The mass of DNA and proteins inside a chromosome is referred to as chromatin. When a cell is not dividing, it is difficult to see the chromosomes within a cell, even when it is stained. However, when DNA prepares and begins to divide, the chromosomes can be visualised more clearly. During the metaphase of mitosis, the chromosomes become visible as they prepare to divide by aligning with one another. The chromosomes are copied, forming sister chromosomes known a chromatids. Human cell nuclei contain 46 chromosomes, although gamete nuclei contain 23. The whole of the nucleus is not filled by chromatin material, in fact, there are chromatin free regions called interchromosomal domains containing poly RNAs.
When a nucleus is not dividing, a structure called a nucleolus becomes visible. In fact, it is the most prominent structure within the nucleus. Usually there is only a single nucleolus present, but some nuclei have multiple nucleoli. It is a mass of granules and fibers attached to chromatin.
The nucleolus is important because it is the site of ribosomal RNA (rRNA) production. Inside the nucleolus, rRNA molecules are combined with proteins to form ribosomes. The nucleolus is involved in rRNA transcription, pre-rRNA processing and ribosome subunit assembly. The nucleolus is not surrounded by a membrane, but it has a unique density, separating it from the surrounding nucleoplasm, and allowing it to be visualised under a microscope. As well as being involved in ribosomal biogenesis, the nucleolus is thought to have other roles, as it contains a number of proteins unrelated to rRNA and ribosome synthesis.
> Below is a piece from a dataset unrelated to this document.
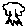
Label: tree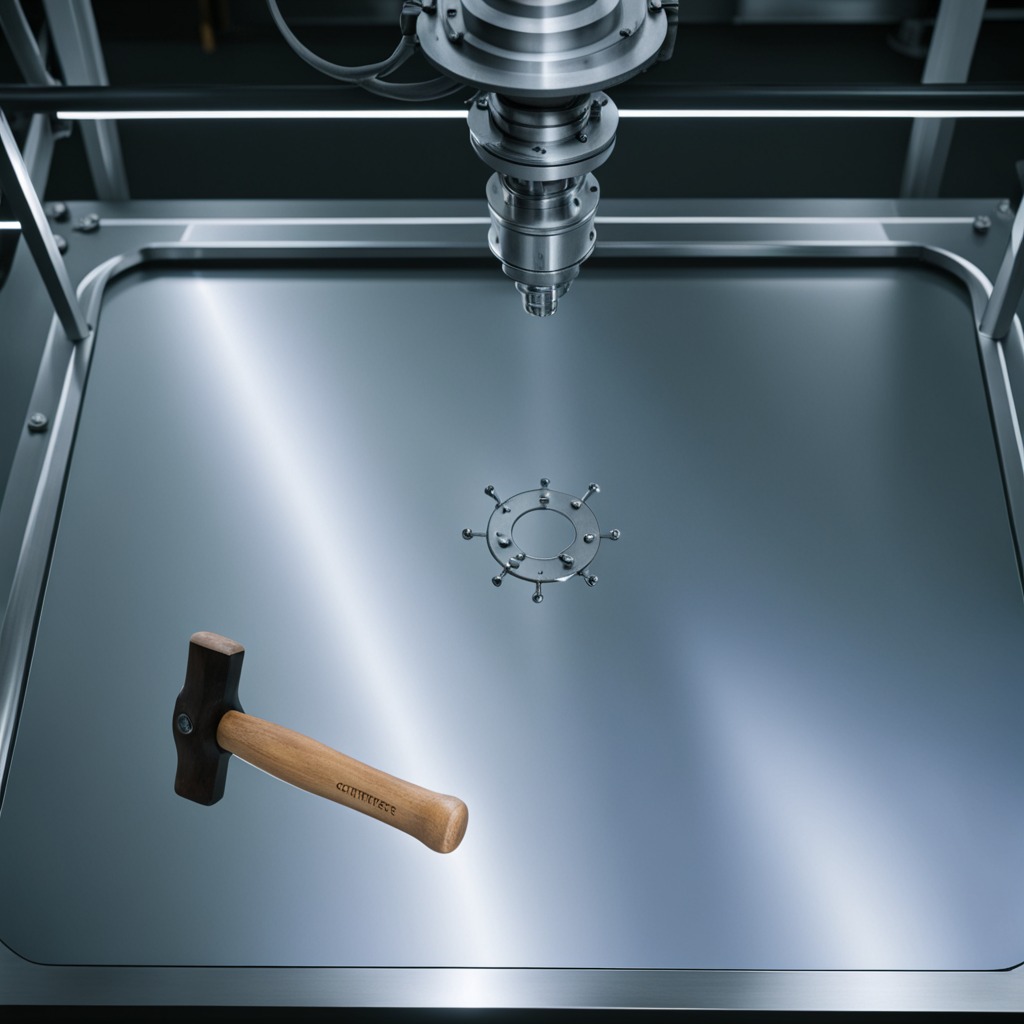
A hammer is lying on a metal table in a machine shop under fluorescent lights.

It is thought be play a role in activities such as DNA damage repair, cell cycle regulation and RNA editing.
Nucleoplasm is similar to the cytoplasm of a cell, in that it is semi-liquid, and fills the empty space in the nucleus. It is a form of protoplasm and surrounds the chromosomes and nucleoli inside the nucleus. It also has various proteins and enzymes dissolved within it.
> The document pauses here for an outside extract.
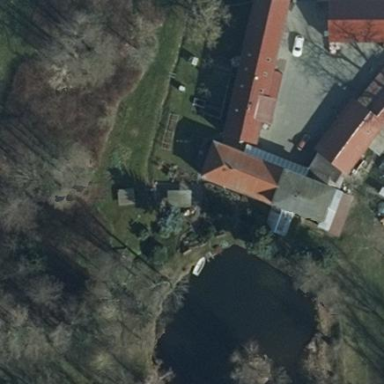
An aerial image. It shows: Building that is watermill.

Nuclear bodies can be found in the nucleoplasm, and these include structures such as Cajal bodies, Gemini bodies, and Polycomb bodies. Cajal bodies are between 0.3-1.0 µm in diameter, and can be found in proliferating cells such as embryonic and cancerous cells, as well as in cells which have a high metabolic rate, such as neurons. Sometimes referred to as coiled bodies, Cajal bodies are bound to nucleoli by specialised proteins called coilin proteins. Having these proteins concentrated within Cajal bodies improves the efficiency of nuclear processes such as the modification and assembly of UsnRNPs, which can become spliceosomes.
Adjacent to Cajal bodies, Gemini bodies or “Gems” can be found. These comprise Gemin 2 protein and motor neurons gene product (SMN), which are involved in the assembly and maturation of snRNPs.
Mutations in the genes that code for lamins in the nucleus can lead to a number of rare genetic disorders, normally due to a change in the abundance of lamins in the nuclei. Collectively these diseases are known as laminopathies. These diseases include autosomal dominant Emery-Dreifuss muscular dystrophy, Dunnigan-type familial partial lipodystrophy, as well as developmental and aging disorders.
Additionally, certain blood disorders can lead to abnormalities in the nuclei, meaning that analysis of the shape and structure of nuclei in blood cells can lead to diagnoses. For example, Wilson’s disease leads to an increase in glycogen in the nuclei, whilst acute myeloid leukaemia causes nuclei to become cup-shaped.
Moreover, abnormalities in the nucleoli can lead to some forms of rare hereditary disease, as well as degenerative diseases such as Huntington’s and Alzheimer’s. Several diseases can also result from changes in the nuclear envelope. These include cardiomyopathy and muscular dystrophy.